The Rook series’ protagonist, Restin Dane, is a wealthy scientist and inventor who lives in a house shaped like a rook chess piece and travels through time with time machines of his own making to seek adventure and fight villains. He can be counted on to “do the right thing” and is, in the court’s words, a “traditional comic book hero.” The Dark Tower series centers on Roland Deschain’s pursuit of an elusive structure called the Dark Tower, the linchpin of the space-time continuum. As described by the court, Roland Deschain is an “anti-hero” who lacks the morality of a traditional hero and is willing to sacrifice those who get in his way.
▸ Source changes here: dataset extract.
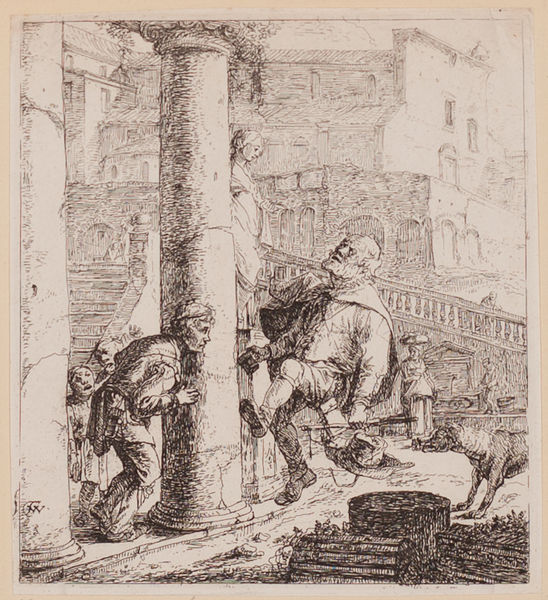
Titel: The Dancing Beggar
Künstler: Thomas Wyck
Standort: Amherst (Massachusetts, USA)
Institution: Mead Art Museum, Amherst College
Schlagwörter: column, columns, fight, hat, men, people, stair, stairs, steps, white, women, black, gray, grey, old, windows, woman, print, brown, railing, wood, sad, angel, greek, man, roman, building, boy, child, drawing, black and white, ruins, dog, sketch, beard, old man, statue, children, italy, city, haus, mann, männer, schwarz, cape, rome, facade, pencil, animal, horse, venus, figure, pillar, work, papier, kids, drunk, druck, graphik, goya, worker, stick, dance, arrow, stich, hund, architektur, marketplace, justice, säule, kupferstich, pig, pillars, colum, hiding, climb, bettler, climbing, hide, poker, bore, brüstung, schwatz, centurian, wailing

Deschain’s character arc throughout The Dark Tower series is “marked by his search for self-knowledge and redemption.” Despite the characters’ differences, DuBay claimed that they are substantially similar because they “(1) have similar names, (2) interact with towers that are integral to time travel, (3) have bird companions, (4) are marked by knightly characteristics, (5) travel back in time to save a young boy who becomes a gunslinger, (6) wear Western garb, (7) survive a fictionalized Alamo, and (8) use knives” as well as share a combination of those elements.
 
The district court previously granted summary judgment for defendants, concluding that the two characters were not substantially similar and that any purported similarities were unprotectable ideas or scènes à faire. (Read our summary of that decision here.) DuBay appealed the district court’s ruling, arguing that the district court erred in concluding that there was no substantial similarity between the characters and that the court further abused its discretion by failing to exclude the expert reports submitted by King. The Eleventh Circuit affirmed.
 
Parsing each of the alleged similarities, the Eleventh Circuit rejected plaintiff’s argument concerning the alleged similarity in the characters’ names, explaining that character names, as with other words and short phrases, do not enjoy copyright protection. The court further held that many of the alleged character similarities—including those “concerning their knightly heritage, travel to different times and parallel worlds, Western attire, fictionalized Alamo histories, and knife-wielding”—are scènes à faire too general to merit copyright protection.
 
As to the remaining elements alleged to be similar, the court explained that “[a]lthough these elements are similar in the abstract, they are not substantially similar because the elements are portrayed in different ways.” Whereas Restin Dane lives in a tower, the court observed, King’s Roland Deschain is on a quest to find a tower. The court similarly found that the characters’ interactions with birds were portrayed differently and that while Dane travels back in time to the Alamo and saves a young boy who turns out to be his great-great-grandfather, Deschain saves a young boy who he later betrays for the sake of his quest.
 
The court also rejected plaintiff’s claim that the combinations of these elements rendered the works substantially similar, concluding that “this holistic analysis further highlights the distinctiveness of each character.” While Dane is a traditional comic book hero—“a courageous gunslinger and an honorable man”—Deschain is a “far more complex” character who lacks idealism and moral integrity. Considering the different stories and contexts surrounding the characters, the court deemed any similarities to be merely superficial. The court thus affirmed the grant of summary judgment for King and the other defendants, concluding that no reasonable jury could find that the parties’ works are substantially similar.
 
The court also held that the district court did not abuse its discretion by refusing to exclude the expert reports submitted by King, which consisted of character and plot summaries of the works and a separate analysis of substantial similarity. Among other things, the court explained, there was no need to exclude the expert testimony on summary judgment because the case would not reach trial and because, in granting summary judgment for defendants, the district court considered the works themselves in addition to the expert reports that had been submitted.